5. Business Recommendation
PT Komoditi Ria kencana has been doing business since 2014. We have analysed all the commercial transaction from 2014-2017 specifically in products. We come with below recommendation for better future business:
- Standard Class Ship mode is the most preferred by buyers. PT Komoditi should keep this ship mode options since this ship mode provides the most sales, profitability and quantity. Please consider to delete Same-Day ship and ask buyers to move to First Class ship mode since First Class ship Mode provide the better sales, profitablility annd quantity compare to Same-Day ship mode.
- PT Komoditi do not need to change all the products Segments since all Segments provides positive sales, profit, and quantity.
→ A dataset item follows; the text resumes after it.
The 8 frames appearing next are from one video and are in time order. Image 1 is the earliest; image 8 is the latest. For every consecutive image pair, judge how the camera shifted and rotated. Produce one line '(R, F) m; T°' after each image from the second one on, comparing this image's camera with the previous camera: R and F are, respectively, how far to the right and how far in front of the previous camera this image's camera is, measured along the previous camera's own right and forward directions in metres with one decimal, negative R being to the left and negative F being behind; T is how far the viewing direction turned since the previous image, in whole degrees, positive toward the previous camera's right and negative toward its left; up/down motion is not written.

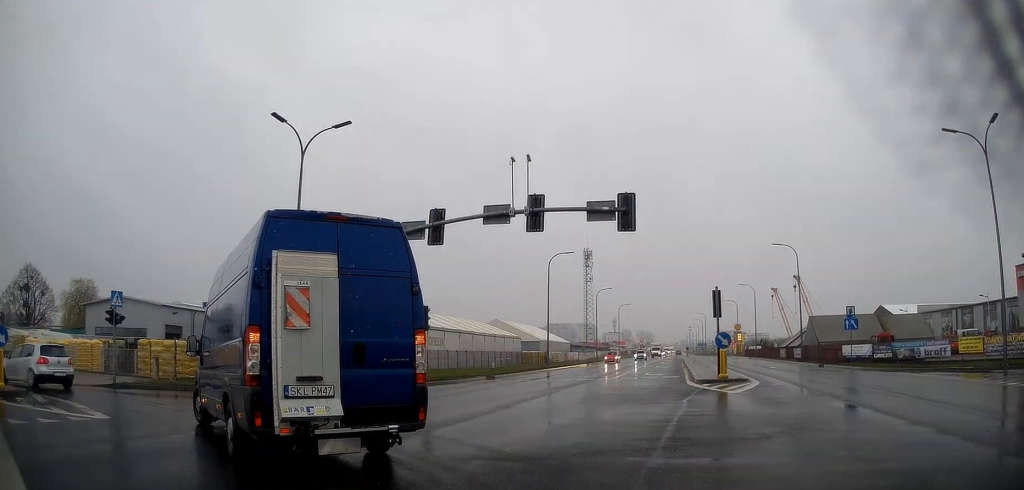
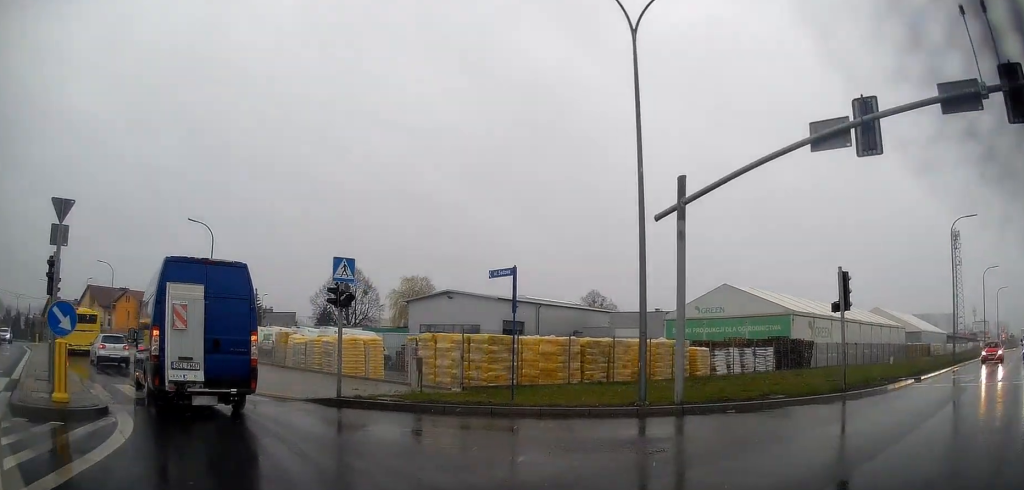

- PT Komoditi do not need to change all the products Category since all Category provides positive sales, profit, and quantity.However there are some things that PT Komoditi needs to be considered. In Furniture Category, Although the sales is positively high, the profitability and the quantity sold is considerably low. PT Komoditi should consider to source these products from another vendors with lesser price or lower the discount.
- During Analysis of the sub-category products, we found that there are several products that cause negative profit (Bookcases, Tables, and Supplies). Please consider to lower the discount this sub-category products or source these products from another vendors with lesser price. We can consider also to delete “supplies” sub-category product since the sales is low, the quantity is low, negative profit with almost zero discount.
- PT Komoditi needs to sell more “Copiers” since this products provide the highest profitability with the least quantity. Please consider to give a little bit more discount to grow the quantity, sales, and profitability.